I'm trying to do something very similar to How to make a simple collection view with Swift (with a storyboard), the only difference being that I want to use a diffable datasource, whereas in the linked question, the poster is using a "conventional" dataSource. (that linked question is really a tutorial phrased as a question).
I've placed a UICollectionView onto a storyboard viewcontroller, connected the collectionView to an outlet, and dataSource and delegate to the view controller, and, in my subclass of UICollectionViewCell, created an outlet connected to a label in the storyboard collectionview cell.
I have two problems.
I create a cell registration using .CellRegistration..., and in the CellRegistration closure I try to set the cell's label to either a constant, or a value from the dataSource. This crashes with a 'Unexpectedly found nil while implicitly unwrapping an optional. Somehow the label, which I was expecting to be accessible, is nil.
If I comment out the offending lines, the code runs. But the display shows me a number of empty cells corresponding exactly to the number of items in my dataSource. It does NOT, as I expected, show a series of my cells with my label. (The collectionview on the storyboard is set to flow. If I set it to custom, the display shows an empty collectionView, no sign of any cells. I've briefly experimented with creating a layout, which kinda worked, but still no sign of my cells and label. So I set the storyboard layout back to flow and removed the layout code from the code below).
While composing this, I came across Subclassed UICollectionViewCell is not displaying, and the comment by @Fogmeister caught my eye. It says there is no need to "register" the class or the nib, because that overrides the storyboard. Now I'm not doing that exactly, but maybe the "Cellregistration" I am doing is somehow related?

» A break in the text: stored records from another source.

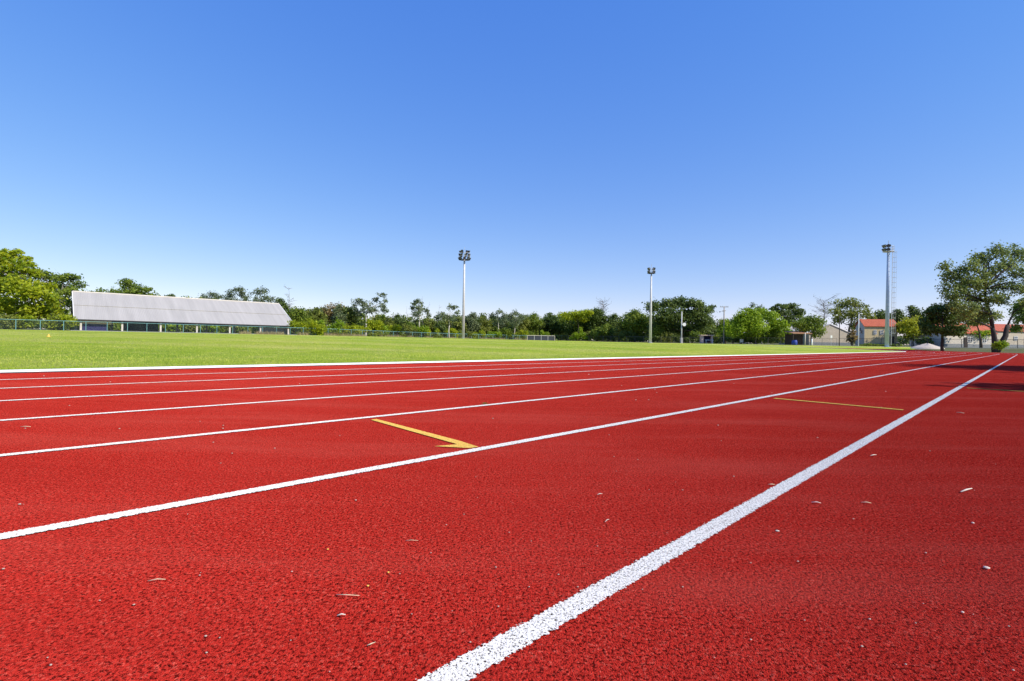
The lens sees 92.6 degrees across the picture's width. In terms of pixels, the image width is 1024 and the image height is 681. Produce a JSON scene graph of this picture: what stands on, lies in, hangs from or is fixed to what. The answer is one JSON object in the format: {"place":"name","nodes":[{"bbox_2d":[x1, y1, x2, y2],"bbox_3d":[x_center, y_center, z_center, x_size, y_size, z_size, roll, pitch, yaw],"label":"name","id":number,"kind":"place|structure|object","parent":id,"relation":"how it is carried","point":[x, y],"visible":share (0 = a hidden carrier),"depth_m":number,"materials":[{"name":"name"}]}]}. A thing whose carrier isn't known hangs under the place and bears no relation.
{"place":"outdoors","nodes":[
{"label":"outdoors","id":0,"kind":"place"},
{"bbox_2d":[238,330,526,339],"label":"dry grass","id":1,"kind":"structure","parent":0,"point":[277,333],"depth_m":120.19,"materials":[{"name":"plant"}]},
{"bbox_2d":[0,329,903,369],"bbox_3d":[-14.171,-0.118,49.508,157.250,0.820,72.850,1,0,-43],"label":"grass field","id":2,"kind":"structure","parent":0,"point":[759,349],"depth_m":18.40,"materials":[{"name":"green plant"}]},
{"bbox_2d":[527,335,554,340],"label":"screen panel","id":3,"kind":"object","parent":2,"relation":"on","point":[539,337],"visible":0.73,"depth_m":159.02,"materials":[{"name":"metal"}]},
{"bbox_2d":[0,345,1023,680],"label":"running track","id":4,"kind":"structure","parent":0,"point":[440,491],"depth_m":1.46,"materials":[{"name":"rubber"}]},
{"bbox_2d":[0,344,905,373],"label":"kerb","id":5,"kind":"structure","parent":4,"relation":"on","point":[155,368],"depth_m":8.96,"materials":[{"name":"white paint"}]},
{"bbox_2d":[0,0,1023,344],"label":"sky","id":6,"kind":"structure","parent":0,"point":[768,153],"materials":[{"name":"blue"}]},
{"bbox_2d":[2,328,1023,366],"bbox_3d":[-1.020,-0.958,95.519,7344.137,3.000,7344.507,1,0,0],"label":"ground","id":7,"kind":"structure","parent":0,"point":[1015,350],"depth_m":83.55,"materials":[{"name":"green plant"}]},
{"bbox_2d":[0,312,21,328],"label":"shrub","id":8,"kind":"object","parent":7,"relation":"on","point":[4,318],"visible":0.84,"depth_m":84.09,"materials":[{"name":"green plant"}]},
{"bbox_2d":[11,313,36,329],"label":"shrub","id":9,"kind":"object","parent":7,"relation":"on","point":[26,320],"visible":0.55,"depth_m":86.25,"materials":[{"name":"green plant"}]},
{"bbox_2d":[0,248,71,328],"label":"tree","id":10,"kind":"object","parent":7,"relation":"on","point":[20,287],"visible":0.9,"depth_m":95.16,"materials":[{"name":"green plant"}]},
{"bbox_2d":[42,313,65,329],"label":"shrub","id":11,"kind":"object","parent":7,"relation":"on","point":[54,318],"visible":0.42,"depth_m":88.76,"materials":[{"name":"green plant"}]},
{"bbox_2d":[26,267,88,328],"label":"tree","id":12,"kind":"object","parent":7,"relation":"on","point":[67,289],"visible":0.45,"depth_m":117.41,"materials":[{"name":"green plant"}]},
{"bbox_2d":[42,313,79,329],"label":"shrub","id":13,"kind":"object","parent":7,"relation":"on","point":[66,319],"visible":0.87,"depth_m":88.83,"materials":[{"name":"green plant"}]},
{"bbox_2d":[105,278,160,295],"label":"tree","id":14,"kind":"object","parent":7,"relation":"on","point":[127,287],"visible":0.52,"depth_m":147.98,"materials":[{"name":"green plant"}]},
{"bbox_2d":[158,324,185,331],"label":"tree","id":15,"kind":"object","parent":7,"relation":"on","point":[172,327],"visible":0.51,"depth_m":130.32,"materials":[{"name":"green plant"}]},
{"bbox_2d":[69,291,296,334],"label":"open shed","id":16,"kind":"structure","parent":7,"relation":"on","point":[101,308],"depth_m":108.54,"materials":[{"name":"metal"}]},
{"bbox_2d":[173,324,195,331],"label":"tree","id":17,"kind":"object","parent":7,"relation":"on","point":[188,329],"visible":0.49,"depth_m":133.20,"materials":[{"name":"green plant"}]},
{"bbox_2d":[198,290,223,298],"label":"tree","id":18,"kind":"object","parent":7,"relation":"on","point":[216,295],"visible":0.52,"depth_m":158.06,"materials":[{"name":"green plant"}]},
{"bbox_2d":[208,325,225,332],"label":"tree","id":19,"kind":"object","parent":7,"relation":"on","point":[220,329],"visible":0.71,"depth_m":138.11,"materials":[{"name":"green plant"}]},
{"bbox_2d":[222,285,250,300],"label":"tree","id":20,"kind":"object","parent":7,"relation":"on","point":[229,295],"visible":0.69,"depth_m":158.44,"materials":[{"name":"green plant"}]},
{"bbox_2d":[228,326,255,332],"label":"tree","id":21,"kind":"object","parent":7,"relation":"on","point":[247,328],"visible":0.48,"depth_m":142.45,"materials":[{"name":"green plant"}]},
{"bbox_2d":[248,285,276,302],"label":"tree","id":22,"kind":"object","parent":7,"relation":"on","point":[259,292],"visible":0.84,"depth_m":160.50,"materials":[{"name":"green plant"}]},
{"bbox_2d":[0,319,546,339],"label":"chain link fence","id":23,"kind":"object","parent":7,"relation":"on","point":[210,328],"visible":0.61,"depth_m":100.18,"materials":[{"name":"metal"}]},
{"bbox_2d":[273,297,290,327],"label":"tree","id":24,"kind":"object","parent":7,"relation":"on","point":[282,303],"visible":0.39,"depth_m":142.12,"materials":[{"name":"green plant"}]},
{"bbox_2d":[281,306,298,333],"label":"tree","id":25,"kind":"object","parent":7,"relation":"on","point":[290,312],"visible":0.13,"depth_m":140.86,"materials":[{"name":"green plant"}]},
{"bbox_2d":[288,306,313,334],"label":"tree","id":26,"kind":"object","parent":7,"relation":"on","point":[297,314],"visible":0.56,"depth_m":130.83,"materials":[{"name":"green plant"}]},
{"bbox_2d":[287,318,317,333],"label":"shrub","id":27,"kind":"object","parent":7,"relation":"on","point":[294,324],"visible":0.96,"depth_m":117.19,"materials":[{"name":"green plant"}]},
{"bbox_2d":[306,322,328,334],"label":"shrub","id":28,"kind":"object","parent":7,"relation":"on","point":[319,329],"visible":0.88,"depth_m":118.26,"materials":[{"name":"green plant"}]},
{"bbox_2d":[306,307,331,325],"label":"tree","id":29,"kind":"object","parent":7,"relation":"on","point":[317,316],"visible":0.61,"depth_m":133.84,"materials":[{"name":"green plant"}]},
{"bbox_2d":[318,302,344,322],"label":"tree","id":30,"kind":"object","parent":7,"relation":"on","point":[329,311],"visible":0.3,"depth_m":146.47,"materials":[{"name":"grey plant"}]},
{"bbox_2d":[323,317,344,334],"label":"shrub","id":31,"kind":"object","parent":7,"relation":"on","point":[333,328],"visible":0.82,"depth_m":122.39,"materials":[{"name":"green plant"}]},
{"bbox_2d":[330,303,346,328],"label":"tree","id":32,"kind":"object","parent":7,"relation":"on","point":[339,315],"visible":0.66,"depth_m":137.31,"materials":[{"name":"green plant"}]},
{"bbox_2d":[344,308,358,326],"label":"tree","id":33,"kind":"object","parent":7,"relation":"on","point":[351,314],"visible":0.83,"depth_m":139.67,"materials":[{"name":"green plant"}]},
{"bbox_2d":[341,323,362,334],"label":"shrub","id":34,"kind":"object","parent":7,"relation":"on","point":[353,328],"visible":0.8,"depth_m":127.35,"materials":[{"name":"green plant"}]},
{"bbox_2d":[350,292,390,335],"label":"tree","id":35,"kind":"object","parent":7,"relation":"on","point":[365,306],"visible":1,"depth_m":137.91,"materials":[{"name":"green plant"}]},
{"bbox_2d":[365,318,386,334],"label":"shrub","id":36,"kind":"object","parent":7,"relation":"on","point":[378,326],"visible":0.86,"depth_m":131.43,"materials":[{"name":"green plant"}]},
{"bbox_2d":[387,323,404,335],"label":"shrub","id":37,"kind":"object","parent":7,"relation":"on","point":[391,328],"visible":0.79,"depth_m":134.81,"materials":[{"name":"green plant"}]},
{"bbox_2d":[388,312,407,335],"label":"tree","id":38,"kind":"object","parent":7,"relation":"on","point":[398,319],"visible":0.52,"depth_m":151.48,"materials":[{"name":"green plant"}]},
{"bbox_2d":[402,323,420,336],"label":"shrub","id":39,"kind":"object","parent":7,"relation":"on","point":[410,329],"visible":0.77,"depth_m":140.28,"materials":[{"name":"green plant"}]},
{"bbox_2d":[412,325,428,336],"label":"shrub","id":40,"kind":"object","parent":7,"relation":"on","point":[423,329],"visible":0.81,"depth_m":141.37,"materials":[{"name":"green plant"}]},
{"bbox_2d":[409,298,431,336],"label":"tree","id":41,"kind":"object","parent":7,"relation":"on","point":[419,308],"visible":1,"depth_m":142.08,"materials":[{"name":"green plant"}]},
{"bbox_2d":[408,317,433,336],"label":"tree","id":42,"kind":"object","parent":7,"relation":"on","point":[416,321],"visible":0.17,"depth_m":160.53,"materials":[{"name":"green plant"}]},
{"bbox_2d":[422,317,436,331],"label":"tree","id":43,"kind":"object","parent":7,"relation":"on","point":[427,322],"visible":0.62,"depth_m":160.16,"materials":[{"name":"green plant"}]},
{"bbox_2d":[429,320,447,333],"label":"tree","id":44,"kind":"object","parent":7,"relation":"on","point":[441,326],"visible":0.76,"depth_m":159.83,"materials":[{"name":"green plant"}]},
{"bbox_2d":[433,303,460,337],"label":"tree","id":45,"kind":"object","parent":7,"relation":"on","point":[445,316],"visible":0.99,"depth_m":145.87,"materials":[{"name":"green plant"}]},
{"bbox_2d":[445,328,458,337],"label":"shrub","id":46,"kind":"object","parent":7,"relation":"on","point":[452,330],"visible":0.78,"depth_m":147.74,"materials":[{"name":"green plant"}]},
{"bbox_2d":[0,319,909,344],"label":"wood","id":47,"kind":"object","parent":7,"relation":"on","point":[899,338],"visible":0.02,"depth_m":240.93,"materials":[{"name":"green plant"}]},
{"bbox_2d":[451,316,466,331],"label":"tree","id":48,"kind":"object","parent":7,"relation":"on","point":[457,325],"visible":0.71,"depth_m":165.37,"materials":[{"name":"green plant"}]},
{"bbox_2d":[465,312,481,338],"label":"tree","id":49,"kind":"object","parent":7,"relation":"on","point":[471,317],"visible":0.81,"depth_m":170.22,"materials":[{"name":"green plant"}]},
{"bbox_2d":[476,315,493,337],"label":"tree","id":50,"kind":"object","parent":7,"relation":"on","point":[485,325],"visible":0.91,"depth_m":173.02,"materials":[{"name":"green plant"}]},
{"bbox_2d":[486,331,502,337],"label":"shrub","id":51,"kind":"object","parent":7,"relation":"on","point":[495,333],"visible":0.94,"depth_m":159.29,"materials":[{"name":"green plant"}]},
{"bbox_2d":[488,308,508,328],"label":"tree","id":52,"kind":"object","parent":7,"relation":"on","point":[497,318],"visible":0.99,"depth_m":165.12,"materials":[{"name":"green plant"}]},
{"bbox_2d":[496,327,512,338],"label":"shrub","id":53,"kind":"object","parent":7,"relation":"on","point":[507,332],"visible":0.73,"depth_m":161.86,"materials":[{"name":"green plant"}]},
{"bbox_2d":[503,320,519,339],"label":"tree","id":54,"kind":"object","parent":7,"relation":"on","point":[509,326],"visible":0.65,"depth_m":175.96,"materials":[{"name":"green plant"}]},
{"bbox_2d":[506,308,525,337],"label":"tree","id":55,"kind":"object","parent":7,"relation":"on","point":[515,314],"visible":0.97,"depth_m":171.06,"materials":[{"name":"green plant"}]},
{"bbox_2d":[513,329,529,338],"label":"shrub","id":56,"kind":"object","parent":7,"relation":"on","point":[523,334],"visible":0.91,"depth_m":169.50,"materials":[{"name":"green plant"}]},
{"bbox_2d":[515,313,530,339],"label":"tree","id":57,"kind":"object","parent":7,"relation":"on","point":[526,321],"visible":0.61,"depth_m":179.46,"materials":[{"name":"green plant"}]},
{"bbox_2d":[525,311,543,332],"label":"tree","id":58,"kind":"object","parent":7,"relation":"on","point":[536,322],"visible":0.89,"depth_m":183.21,"materials":[{"name":"green plant"}]},
{"bbox_2d":[537,318,550,334],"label":"tree","id":59,"kind":"object","parent":7,"relation":"on","point":[543,328],"visible":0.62,"depth_m":186.96,"materials":[{"name":"green plant"}]},
{"bbox_2d":[543,312,558,335],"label":"tree","id":60,"kind":"object","parent":7,"relation":"on","point":[548,319],"visible":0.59,"depth_m":186.94,"materials":[{"name":"green plant"}]},
{"bbox_2d":[543,316,564,339],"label":"tree","id":61,"kind":"object","parent":7,"relation":"on","point":[557,329],"visible":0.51,"depth_m":184.44,"materials":[{"name":"green plant"}]},
{"bbox_2d":[556,320,586,339],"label":"tree","id":62,"kind":"object","parent":7,"relation":"on","point":[569,329],"visible":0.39,"depth_m":175.24,"materials":[{"name":"green plant"}]},
{"bbox_2d":[555,309,594,340],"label":"tree","id":63,"kind":"object","parent":7,"relation":"on","point":[575,315],"visible":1,"depth_m":166.60,"materials":[{"name":"green plant"}]},
{"bbox_2d":[569,327,589,340],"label":"shrub","id":64,"kind":"object","parent":7,"relation":"on","point":[577,335],"visible":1,"depth_m":164.00,"materials":[{"name":"green plant"}]},
{"bbox_2d":[577,309,593,340],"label":"tree","id":65,"kind":"object","parent":7,"relation":"on","point":[584,326],"visible":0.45,"depth_m":173.21,"materials":[{"name":"green plant"}]},
{"bbox_2d":[589,326,604,340],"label":"tree","id":66,"kind":"object","parent":7,"relation":"on","point":[596,332],"visible":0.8,"depth_m":162.10,"materials":[{"name":"green plant"}]},
{"bbox_2d":[587,307,610,330],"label":"tree","id":67,"kind":"object","parent":7,"relation":"on","point":[600,317],"visible":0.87,"depth_m":168.72,"materials":[{"name":"green plant"}]},
{"bbox_2d":[598,321,614,340],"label":"tree","id":68,"kind":"object","parent":7,"relation":"on","point":[606,329],"visible":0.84,"depth_m":159.28,"materials":[{"name":"green plant"}]},
{"bbox_2d":[603,313,618,329],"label":"tree","id":69,"kind":"object","parent":7,"relation":"on","point":[611,320],"visible":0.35,"depth_m":167.62,"materials":[{"name":"green plant"}]},
{"bbox_2d":[612,321,624,341],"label":"tree","id":70,"kind":"object","parent":7,"relation":"on","point":[618,328],"visible":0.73,"depth_m":156.65,"materials":[{"name":"green plant"}]},
{"bbox_2d":[618,330,636,341],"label":"shrub","id":71,"kind":"object","parent":7,"relation":"on","point":[623,333],"visible":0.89,"depth_m":152.99,"materials":[{"name":"green plant"}]},
{"bbox_2d":[619,307,648,341],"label":"tree","id":72,"kind":"object","parent":7,"relation":"on","point":[635,320],"visible":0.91,"depth_m":154.15,"materials":[{"name":"green plant"}]},
{"bbox_2d":[648,324,664,341],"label":"tree","id":73,"kind":"object","parent":7,"relation":"on","point":[655,335],"visible":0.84,"depth_m":146.17,"materials":[{"name":"green plant"}]},
{"bbox_2d":[658,332,672,342],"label":"shrub","id":74,"kind":"object","parent":7,"relation":"on","point":[668,339],"visible":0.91,"depth_m":145.44,"materials":[{"name":"green plant"}]},
{"bbox_2d":[641,295,717,340],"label":"tree","id":75,"kind":"object","parent":7,"relation":"on","point":[700,311],"visible":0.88,"depth_m":145.87,"materials":[{"name":"green plant"}]},
{"bbox_2d":[555,336,836,344],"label":"chain link fence","id":76,"kind":"object","parent":7,"relation":"on","point":[694,339],"visible":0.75,"depth_m":135.76,"materials":[{"name":"grey metal"}]},
{"bbox_2d":[698,335,714,343],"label":"guard hut","id":77,"kind":"object","parent":7,"relation":"on","point":[706,339],"visible":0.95,"depth_m":131.77,"materials":[{"name":"white paint"}]},
{"bbox_2d":[713,318,730,343],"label":"tree","id":78,"kind":"object","parent":7,"relation":"on","point":[720,330],"visible":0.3,"depth_m":137.94,"materials":[{"name":"green plant"}]},
{"bbox_2d":[584,341,912,349],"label":"grass verge","id":79,"kind":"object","parent":7,"relation":"on","point":[862,347],"depth_m":96.32,"materials":[{"name":"plant"}]},
{"bbox_2d":[647,264,655,342],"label":"floodlight mast","id":80,"kind":"object","parent":79,"relation":"on","point":[650,315],"visible":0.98,"depth_m":128.77,"materials":[{"name":"metal"}]},
{"bbox_2d":[881,241,896,346],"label":"floodlight mast","id":81,"kind":"object","parent":79,"relation":"on","point":[888,251],"visible":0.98,"depth_m":91.77,"materials":[{"name":"grey metal"}]},
{"bbox_2d":[722,306,793,343],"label":"tree","id":82,"kind":"object","parent":7,"relation":"on","point":[749,320],"visible":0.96,"depth_m":124.13,"materials":[{"name":"green plant"}]},
{"bbox_2d":[765,328,784,344],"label":"shrub","id":83,"kind":"object","parent":7,"relation":"on","point":[776,336],"visible":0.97,"depth_m":124.61,"materials":[{"name":"green plant"}]},
{"bbox_2d":[767,302,808,326],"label":"tree","id":84,"kind":"object","parent":7,"relation":"on","point":[794,310],"visible":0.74,"depth_m":138.91,"materials":[{"name":"green plant"}]},
{"bbox_2d":[784,331,811,344],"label":"kiosk","id":85,"kind":"object","parent":7,"relation":"on","point":[796,335],"visible":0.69,"depth_m":113.65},
{"bbox_2d":[790,313,826,338],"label":"tree","id":86,"kind":"object","parent":7,"relation":"on","point":[814,325],"visible":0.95,"depth_m":112.21,"materials":[{"name":"green plant"}]},
{"bbox_2d":[779,324,849,345],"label":"hall","id":87,"kind":"structure","parent":7,"relation":"on","point":[833,330],"depth_m":124.00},
{"bbox_2d":[811,295,837,323],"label":"bare tree","id":88,"kind":"object","parent":7,"relation":"on","point":[823,303],"visible":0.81,"depth_m":149.98,"materials":[{"name":"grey plant"}]},
{"bbox_2d":[823,297,876,331],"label":"tree","id":89,"kind":"object","parent":7,"relation":"on","point":[853,312],"visible":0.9,"depth_m":135.92,"materials":[{"name":"green plant"}]},
{"bbox_2d":[844,329,857,345],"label":"tree","id":90,"kind":"object","parent":7,"relation":"on","point":[852,334],"visible":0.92,"depth_m":110.59,"materials":[{"name":"green plant"}]},
{"bbox_2d":[854,319,897,345],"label":"house","id":91,"kind":"structure","parent":7,"relation":"on","point":[871,328],"depth_m":112.82,"materials":[{"name":"beige paint"}]},
{"bbox_2d":[872,309,892,318],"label":"tree","id":92,"kind":"object","parent":7,"relation":"on","point":[880,314],"visible":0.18,"depth_m":140.69,"materials":[{"name":"green plant"}]},
{"bbox_2d":[889,308,907,322],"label":"tree","id":93,"kind":"object","parent":7,"relation":"on","point":[897,314],"visible":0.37,"depth_m":141.41,"materials":[{"name":"green plant"}]},
{"bbox_2d":[894,315,923,346],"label":"tree","id":94,"kind":"object","parent":7,"relation":"on","point":[902,327],"visible":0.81,"depth_m":108.97,"materials":[{"name":"green plant"}]},
{"bbox_2d":[905,305,924,328],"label":"tree","id":95,"kind":"object","parent":7,"relation":"on","point":[911,310],"visible":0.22,"depth_m":141.63,"materials":[{"name":"green plant"}]},
{"bbox_2d":[914,337,933,344],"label":"tree","id":96,"kind":"object","parent":7,"relation":"on","point":[924,340],"visible":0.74,"depth_m":105.64,"materials":[{"name":"green plant"}]},
{"bbox_2d":[911,343,944,348],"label":"sand heap","id":97,"kind":"object","parent":7,"relation":"on","point":[926,346],"visible":0.96,"depth_m":82.99,"materials":[{"name":"white sand"}]},
{"bbox_2d":[840,338,1023,348],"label":"chain link fence","id":98,"kind":"object","parent":7,"relation":"on","point":[936,341],"visible":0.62,"depth_m":98.07,"materials":[{"name":"metal"}]},
{"bbox_2d":[915,301,973,350],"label":"tree","id":99,"kind":"object","parent":7,"relation":"on","point":[934,318],"visible":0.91,"depth_m":75.27,"materials":[{"name":"green plant"}]},
{"bbox_2d":[916,323,997,347],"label":"house","id":100,"kind":"structure","parent":7,"relation":"on","point":[968,336],"depth_m":105.11,"materials":[{"name":"beige paint"}]},
{"bbox_2d":[934,242,1023,351],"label":"tree","id":101,"kind":"object","parent":7,"relation":"on","point":[983,281],"visible":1,"depth_m":69.56,"materials":[{"name":"green plant"}]},
{"bbox_2d":[970,329,990,338],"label":"tree","id":102,"kind":"object","parent":7,"relation":"on","point":[983,333],"visible":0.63,"depth_m":104.82,"materials":[{"name":"green plant"}]},
{"bbox_2d":[956,304,1006,347],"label":"tree","id":103,"kind":"object","parent":7,"relation":"on","point":[996,314],"visible":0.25,"depth_m":99.02,"materials":[{"name":"green plant"}]},
{"bbox_2d":[990,340,1009,350],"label":"shrub","id":104,"kind":"object","parent":7,"relation":"on","point":[999,345],"visible":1,"depth_m":66.60,"materials":[{"name":"green plant"}]},
{"bbox_2d":[984,324,1023,347],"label":"house","id":105,"kind":"structure","parent":7,"relation":"on","point":[999,331],"depth_m":118.91,"materials":[{"name":"beige paint"}]},
{"bbox_2d":[1002,298,1023,333],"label":"tree","id":106,"kind":"object","parent":7,"relation":"on","point":[1016,327],"visible":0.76,"depth_m":87.37,"materials":[{"name":"green plant"}]},
{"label":"grass verge","id":107,"kind":"structure","parent":0,"visible":0},
{"bbox_2d":[458,248,470,337],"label":"floodlight mast","id":108,"kind":"object","parent":107,"relation":"on","point":[465,255],"visible":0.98,"depth_m":123.77,"materials":[{"name":"metal"}]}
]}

Here is my code, all in one file.
import UIKit
class ViewController: UIViewController {
let reuseIdentifier = "UgosCell" // matches the identifier for the collection view cell on the storyboard
@IBOutlet weak var ugosCollectionView: UICollectionView!
var dataSource: UICollectionViewDiffableDataSource<Int, String>! = nil
override func viewDidLoad() {
super.viewDidLoad()
configureDataSource()
seedDataSource()
}
private func configureDataSource() {
let cellRegistration = UICollectionView.CellRegistration<UgosCollectionViewCell, String> { (cell, indexPath, item) in
if indexPath.row == 0 {
print("ROW 0")
cell.lLabel.text = "Header Header" //RUNTIME CRASH
cell.backgroundColor = .purple //if flow layout, this appears
} else {
print("ROW OTHER THAN 0")
cell.lLabel.text = item //RUNTIME CRASH
cell.backgroundColor = .systemPink // if flow layout this appears
}
} // end closure
dataSource = UICollectionViewDiffableDataSource<Int, String>(collectionView: ugosCollectionView) { (collectionView, indexPath, item) -> UgosCollectionViewCell? in
let cell = collectionView.dequeueConfiguredReusableCell(using: cellRegistration, for: indexPath, item: item )
return cell
} // end closure
}
func seedDataSource() {
var sectionSnapshot = NSDiffableDataSourceSectionSnapshot<String>()
sectionSnapshot.append(["HEADER"])
sectionSnapshot.expand(["HEADER"])
sectionSnapshot.append(["A", "B", "C", "D", "E", "F", "G","H", "I", "J", "K", "L", "M"], to: "HEADER")
print("\(sectionSnapshot.visualDescription())")
dataSource.apply(sectionSnapshot, to: 0)
}
}
extension ViewController: UICollectionViewDelegate {
func collectionView(_ collectionView: UICollectionView, didSelectItemAt indexPath: IndexPath) {
collectionView.deselectItem(at: indexPath, animated: true)
}
}
class UgosCollectionViewCell: UICollectionViewCell {
@IBOutlet weak var lLabel: UILabel!
}
I've put traces in the code and saw that the datasource does indeed get asked for (and returns) as many cells as there are items in the datasource. But again I don't know how to then put any of the data into the collectionview cell's label?
Here's the storyboard
If I remove the registration, the dequeueConfiguredReusableCell(... statement won't compile as there is no cell registration.
And here the connections:
And finally the output:
Update 1: Regarding the "registration", I've now seen several comments to the related question saying that when using a storyboard, there should not be any code to register the custom cell with the collection view. Which I imagine would look as follows:
self.ugosCollectionView.register(UgosCollectionViewCell.self, forCellWithReuseIdentifier: reuseIdentifier)
This was never in my code, but out of an abundance of curiosity, I tried adding it into the viewDidLoad function, just to see what would happen. Alas, nothing.